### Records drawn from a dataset

== Segment start ==

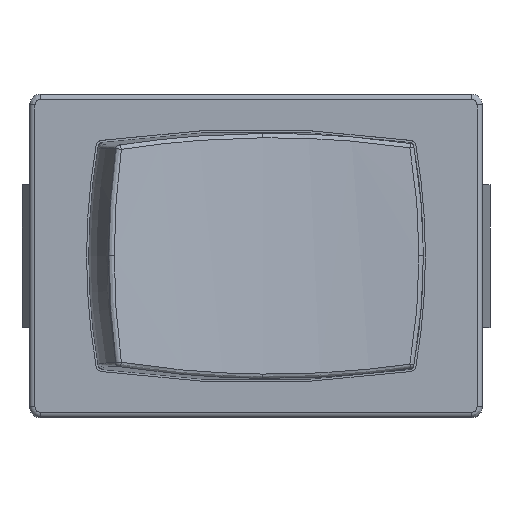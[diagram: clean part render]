
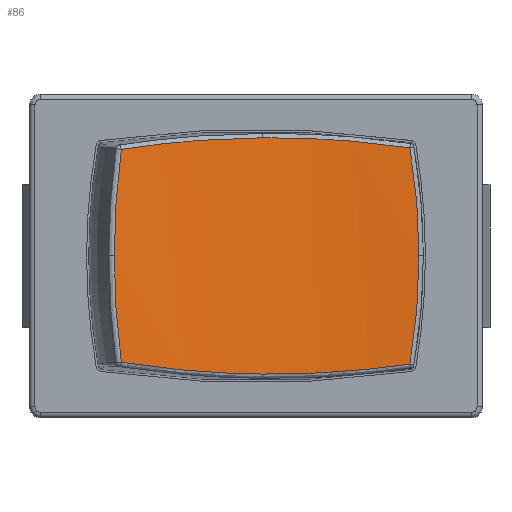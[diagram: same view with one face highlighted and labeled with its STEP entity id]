
A CAD part, top view. The second image highlights one B-rep face of the part: STEP entity #86.
In plain terms, the highlighted cylindrical face has radius 30 mm (diameter 60 mm), a partial arc.
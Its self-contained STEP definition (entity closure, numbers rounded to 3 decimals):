
#86=ADVANCED_FACE('',(#391),#392,.F.);
#391=FACE_OUTER_BOUND('',#1155,.T.);
#392=CYLINDRICAL_SURFACE('',#1156,30.0);
#1155=EDGE_LOOP('',(#2249,#2250,#2251,#2252,#2253,#2254,#2255,#2256));
#1156=AXIS2_PLACEMENT_3D('',#2257,#2258,#2259);
#2249=ORIENTED_EDGE('',*,*,#4242,.T.);
#2250=ORIENTED_EDGE('',*,*,#4243,.T.);
#2251=ORIENTED_EDGE('',*,*,#4244,.T.);
#2252=ORIENTED_EDGE('',*,*,#4241,.T.);
#2253=ORIENTED_EDGE('',*,*,#4245,.T.);
#2254=ORIENTED_EDGE('',*,*,#4231,.F.);
#2255=ORIENTED_EDGE('',*,*,#4229,.F.);
#2256=ORIENTED_EDGE('',*,*,#4246,.T.);
#2257=CARTESIAN_POINT('',(7.982,-5.775,32.019));
#2258=DIRECTION('',(0.0,-1.0,0.0));
#2259=DIRECTION('',(1.0,0.0,0.0));
#4229=EDGE_CURVE('',#4884,#5048,#5049,.T.);
#4231=EDGE_CURVE('',#5048,#5051,#5052,.T.);
#4241=EDGE_CURVE('',#4874,#5064,#5066,.T.);
#4242=EDGE_CURVE('',#5067,#4878,#5068,.T.);
#4243=EDGE_CURVE('',#4878,#5069,#5070,.T.);
#4244=EDGE_CURVE('',#5069,#4874,#5071,.T.);
#4245=EDGE_CURVE('',#5064,#5051,#5072,.T.);
#4246=EDGE_CURVE('',#4884,#5067,#5073,.T.);
#4874=VERTEX_POINT('',#6081);
#4878=VERTEX_POINT('',#6085);
#4884=VERTEX_POINT('',#6097);
#5048=VERTEX_POINT('',#6359);
#5049=B_SPLINE_CURVE_WITH_KNOTS('',3,(#6360,#6361,#6362,#6363,#6364,#6365,#6366,#6367,#6368),.UNSPECIFIED.,.F.,.F.,(4,1,1,1,1,1,4),(0.0,0.167,0.333,0.5,0.667,0.833,1.0),.UNSPECIFIED.);
#5051=VERTEX_POINT('',#6370);
#5052=B_SPLINE_CURVE_WITH_KNOTS('',3,(#6371,#6372,#6373,#6374,#6375,#6376,#6377,#6378,#6379),.UNSPECIFIED.,.F.,.F.,(4,1,1,1,1,1,4),(0.0,0.167,0.333,0.5,0.667,0.833,1.0),.UNSPECIFIED.);
#5064=VERTEX_POINT('',#6421);
#5066=B_SPLINE_CURVE_WITH_KNOTS('',3,(#6423,#6424,#6425,#6426,#6427,#6428,#6429),.UNSPECIFIED.,.F.,.F.,(4,1,1,1,4),(0.0,0.25,0.5,0.75,1.0),.UNSPECIFIED.);
#5067=VERTEX_POINT('',#6430);
#5068=B_SPLINE_CURVE_WITH_KNOTS('',3,(#6431,#6432,#6433,#6434,#6435,#6436,#6437),.UNSPECIFIED.,.F.,.F.,(4,1,1,1,4),(0.0,0.25,0.5,0.75,1.0),.UNSPECIFIED.);
#5069=VERTEX_POINT('',#6438);
#5070=B_SPLINE_CURVE_WITH_KNOTS('',3,(#6439,#6440,#6441,#6442,#6443,#6444,#6445,#6446,#6447),.UNSPECIFIED.,.F.,.F.,(4,1,1,1,1,1,4),(0.0,0.167,0.333,0.5,0.667,0.833,1.0),.UNSPECIFIED.);
#5071=B_SPLINE_CURVE_WITH_KNOTS('',3,(#6448,#6449,#6450,#6451,#6452,#6453,#6454,#6455,#6456),.UNSPECIFIED.,.F.,.F.,(4,1,1,1,1,1,4),(0.0,0.167,0.333,0.5,0.667,0.833,1.0),.UNSPECIFIED.);
#5072=B_SPLINE_CURVE_WITH_KNOTS('',3,(#6457,#6458,#6459,#6460,#6461,#6462,#6463,#6464),.UNSPECIFIED.,.F.,.F.,(4,1,1,1,1,4),(0.0,0.2,0.4,0.6,0.8,1.0),.UNSPECIFIED.);
#5073=B_SPLINE_CURVE_WITH_KNOTS('',3,(#6465,#6466,#6467,#6468,#6469,#6470,#6471),.UNSPECIFIED.,.F.,.F.,(4,1,1,1,4),(0.0,0.25,0.5,0.75,1.0),.UNSPECIFIED.);
#6081=CARTESIAN_POINT('',(-6.242,-4.935,5.605));
#6085=CARTESIAN_POINT('',(-6.242,4.935,5.605));
#6097=CARTESIAN_POINT('',(7.134,5.017,2.031));
#6359=CARTESIAN_POINT('',(7.558,0.,2.022));
#6360=CARTESIAN_POINT('',(7.134,5.017,2.031));
#6361=CARTESIAN_POINT('',(7.185,4.72,2.03));
#6362=CARTESIAN_POINT('',(7.275,4.133,2.027));
#6363=CARTESIAN_POINT('',(7.381,3.281,2.025));
#6364=CARTESIAN_POINT('',(7.462,2.444,2.024));
#6365=CARTESIAN_POINT('',(7.517,1.624,2.023));
#6366=CARTESIAN_POINT('',(7.55,0.811,2.022));
#6367=CARTESIAN_POINT('',(7.558,0.27,2.022));
#6368=CARTESIAN_POINT('',(7.558,0.,2.022));
#6370=CARTESIAN_POINT('',(7.134,-5.017,2.031));
#6371=CARTESIAN_POINT('',(7.558,0.,2.022));
#6372=CARTESIAN_POINT('',(7.558,-0.262,2.022));
#6373=CARTESIAN_POINT('',(7.551,-0.79,2.022));
#6374=CARTESIAN_POINT('',(7.519,-1.588,2.023));
#6375=CARTESIAN_POINT('',(7.465,-2.403,2.024));
#6376=CARTESIAN_POINT('',(7.386,-3.235,2.025));
#6377=CARTESIAN_POINT('',(7.282,-4.086,2.027));
#6378=CARTESIAN_POINT('',(7.188,-4.701,2.03));
#6379=CARTESIAN_POINT('',(7.134,-5.017,2.031));
#6421=CARTESIAN_POINT('',(0.317,-5.479,3.015));
#6423=CARTESIAN_POINT('',(-6.242,-4.935,5.605));
#6424=CARTESIAN_POINT('',(-5.715,-5.019,5.322));
#6425=CARTESIAN_POINT('',(-4.649,-5.168,4.788));
#6426=CARTESIAN_POINT('',(-3.023,-5.335,4.092));
#6427=CARTESIAN_POINT('',(-1.366,-5.443,3.495));
#6428=CARTESIAN_POINT('',(-0.246,-5.474,3.164));
#6429=CARTESIAN_POINT('',(0.317,-5.479,3.015));
#6430=CARTESIAN_POINT('',(0.317,5.479,3.015));
#6431=CARTESIAN_POINT('',(0.317,5.479,3.015));
#6432=CARTESIAN_POINT('',(-0.24,5.474,3.162));
#6433=CARTESIAN_POINT('',(-1.349,5.444,3.489));
#6434=CARTESIAN_POINT('',(-2.991,5.337,4.08));
#6435=CARTESIAN_POINT('',(-4.607,5.173,4.769));
#6436=CARTESIAN_POINT('',(-5.698,5.021,5.312));
#6437=CARTESIAN_POINT('',(-6.242,4.935,5.605));
#6438=CARTESIAN_POINT('',(-6.572,-0.001,5.786));
#6439=CARTESIAN_POINT('',(-6.242,4.935,5.605));
#6440=CARTESIAN_POINT('',(-6.282,4.639,5.627));
#6441=CARTESIAN_POINT('',(-6.353,4.055,5.666));
#6442=CARTESIAN_POINT('',(-6.436,3.212,5.711));
#6443=CARTESIAN_POINT('',(-6.498,2.39,5.745));
#6444=CARTESIAN_POINT('',(-6.541,1.586,5.769));
#6445=CARTESIAN_POINT('',(-6.566,0.792,5.783));
#6446=CARTESIAN_POINT('',(-6.572,0.263,5.786));
#6447=CARTESIAN_POINT('',(-6.572,-0.001,5.786));
#6448=CARTESIAN_POINT('',(-6.572,-0.001,5.786));
#6449=CARTESIAN_POINT('',(-6.572,-0.257,5.786));
#6450=CARTESIAN_POINT('',(-6.567,-0.771,5.783));
#6451=CARTESIAN_POINT('',(-6.542,-1.551,5.769));
#6452=CARTESIAN_POINT('',(-6.501,-2.35,5.746));
#6453=CARTESIAN_POINT('',(-6.44,-3.171,5.713));
#6454=CARTESIAN_POINT('',(-6.357,-4.019,5.668));
#6455=CARTESIAN_POINT('',(-6.284,-4.624,5.628));
#6456=CARTESIAN_POINT('',(-6.242,-4.935,5.605));
#6457=CARTESIAN_POINT('',(0.317,-5.479,3.015));
#6458=CARTESIAN_POINT('',(0.877,-5.483,2.867));
#6459=CARTESIAN_POINT('',(1.96,-5.472,2.615));
#6460=CARTESIAN_POINT('',(3.474,-5.402,2.348));
#6461=CARTESIAN_POINT('',(4.831,-5.296,2.176));
#6462=CARTESIAN_POINT('',(6.04,-5.166,2.075));
#6463=CARTESIAN_POINT('',(6.782,-5.068,2.041));
#6464=CARTESIAN_POINT('',(7.134,-5.017,2.031));
#6465=CARTESIAN_POINT('',(7.134,5.017,2.031));
#6466=CARTESIAN_POINT('',(6.686,5.082,2.044));
#6467=CARTESIAN_POINT('',(5.724,5.207,2.091));
#6468=CARTESIAN_POINT('',(4.091,5.363,2.255));
#6469=CARTESIAN_POINT('',(2.247,5.467,2.551));
#6470=CARTESIAN_POINT('',(0.971,5.484,2.842));
#6471=CARTESIAN_POINT('',(0.317,5.479,3.015));

== Segment end ==

### Exercise goal
Transcribe the records above exactly, beginning at the line that contains "#6450=CARTESIAN_POINT('',(-6.567,-0.771,5.783));" and ending with the line that contains "#6463=CARTESIAN_POINT('',(6.782,-5.068,2.041));", both included, and nothing else.

### Solution to this exercise
#6450=CARTESIAN_POINT('',(-6.567,-0.771,5.783));
#6451=CARTESIAN_POINT('',(-6.542,-1.551,5.769));
#6452=CARTESIAN_POINT('',(-6.501,-2.35,5.746));
#6453=CARTESIAN_POINT('',(-6.44,-3.171,5.713));
#6454=CARTESIAN_POINT('',(-6.357,-4.019,5.668));
#6455=CARTESIAN_POINT('',(-6.284,-4.624,5.628));
#6456=CARTESIAN_POINT('',(-6.242,-4.935,5.605));
#6457=CARTESIAN_POINT('',(0.317,-5.479,3.015));
#6458=CARTESIAN_POINT('',(0.877,-5.483,2.867));
#6459=CARTESIAN_POINT('',(1.96,-5.472,2.615));
#6460=CARTESIAN_POINT('',(3.474,-5.402,2.348));
#6461=CARTESIAN_POINT('',(4.831,-5.296,2.176));
#6462=CARTESIAN_POINT('',(6.04,-5.166,2.075));
#6463=CARTESIAN_POINT('',(6.782,-5.068,2.041));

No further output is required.